Simple linear regression in Tensorflow produces near zero coefficient

Question

I am attempting a simple linear regression in Tensorflow with only one independent variable. A plot of my data shows the coefficient should be near 1, and in fact if I run it using sklearn.linear_model.LinearRegression I get a sensible result of about 0.90.

However running it in Tensorflow using this tutorial produces a coefficient of very near zero. I was able to get a rational result from the Tensorflow using randomized numbers. I have tried adjusting the learning rate or number of epochs without any meaningful effect.

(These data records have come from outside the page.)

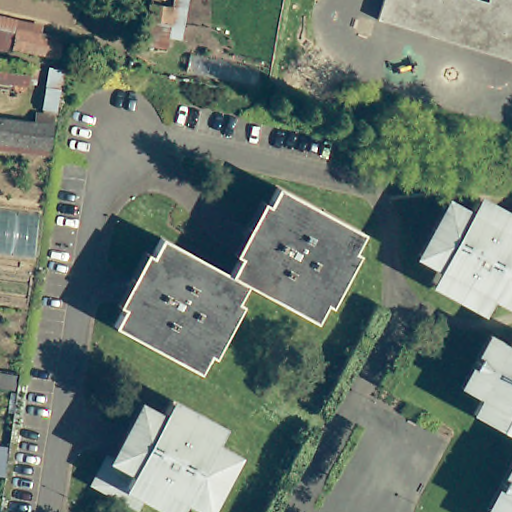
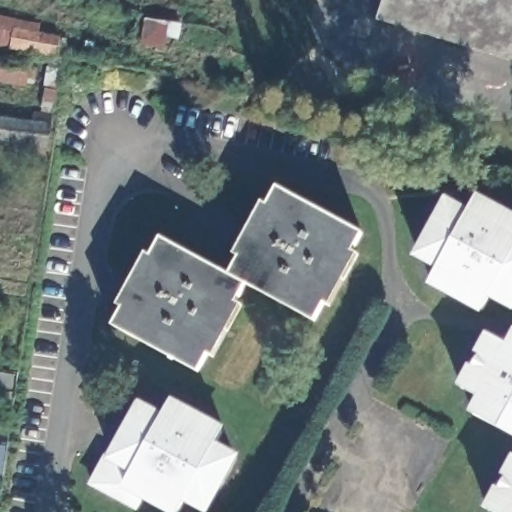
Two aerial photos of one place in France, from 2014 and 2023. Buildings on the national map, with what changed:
unchanged [(171,39),(170,48),(142,46),(146,0),(189,0),(184,39),(171,39)]
unchanged [(433,39),(375,20),(382,0),(512,0),(512,64),(433,39)]
unchanged [(41,31),(51,34),(46,57),(0,48),(0,12),(43,20),(41,31)]
unchanged [(30,85),(0,82),(0,71),(1,61),(31,64),(30,85)]
unchanged [(47,145),(0,141),(0,120),(49,125),(47,145)]
unchanged [(360,235),(351,253),(355,255),(327,308),(322,306),(312,325),(269,300),(244,286),(234,305),(239,307),(210,360),(205,356),(195,374),(111,327),(120,310),(115,307),(143,254),(149,256),(158,239),(226,276),(236,258),(231,255),(246,227),(260,202),(265,205),(274,188),(360,235)]
unchanged [(512,223),(512,309),(493,300),(485,313),(433,286),(441,271),(418,259),(447,207),(469,219),(476,205),(512,223)]
new [(32,259),(0,255),(0,209),(38,213),(32,259)]
unchanged [(470,414),(476,400),(457,388),(468,365),(474,367),(479,355),(474,352),(484,329),(508,344),(512,337),(512,436),(470,414)]
unchanged [(19,386),(0,385),(0,376),(0,372),(20,375),(19,386)]
unchanged [(211,512),(188,501),(182,512),(174,512),(145,497),(143,511),(91,483),(109,451),(114,455),(142,397),(167,411),(177,394),(230,423),(224,440),(245,452),(213,512),(211,512)]
unchanged [(4,476),(0,476),(0,450),(6,451),(4,476)]
unchanged [(493,487),(499,490),(504,475),(500,473),(510,451),(512,452),(512,512),(487,512),(483,510),(493,487)]

The MRE includes actual data, and should produce a coefficient of 0.8975 from sklearn but 0.00045 from Tensorflow. I have considered that it is getting caught at a local minimum, but none of the examples I can find of such a problem work for my issue.

import numpy as np
import tensorflow as tf
from sklearn import linear_model

learning_rate = 0.1
epochs = 100

x_train = np.array([-0.00055, 0.00509, -0.0046, -0.01687, -0.0047, 0.00348, 
                0.00042, -0.00208, -0.01207, -0.0007, 0.00408, -0.00182, 
                -0.00294, -0.00113, 0.0038, -0.00645, 0.00113, 0.00268, 
                -0.0045, -0.00381, 0.00298, 0, -0.00184, -0.00212, 
                -0.00213, -0.01224, 0.00072, 0, -0.00331, 0.00534, 
                0.00675, -0.00285, -0.00429, 0.00489, -0.00286, 0.00158, 
                0.00129, 0.00472, 0.00555, -0.00467, -0.00231, -0.00231, 
                0.00159, -0.00463, 0.00174, 0, -0.0029, 
                -0.00349, 0.01372, -0.00302])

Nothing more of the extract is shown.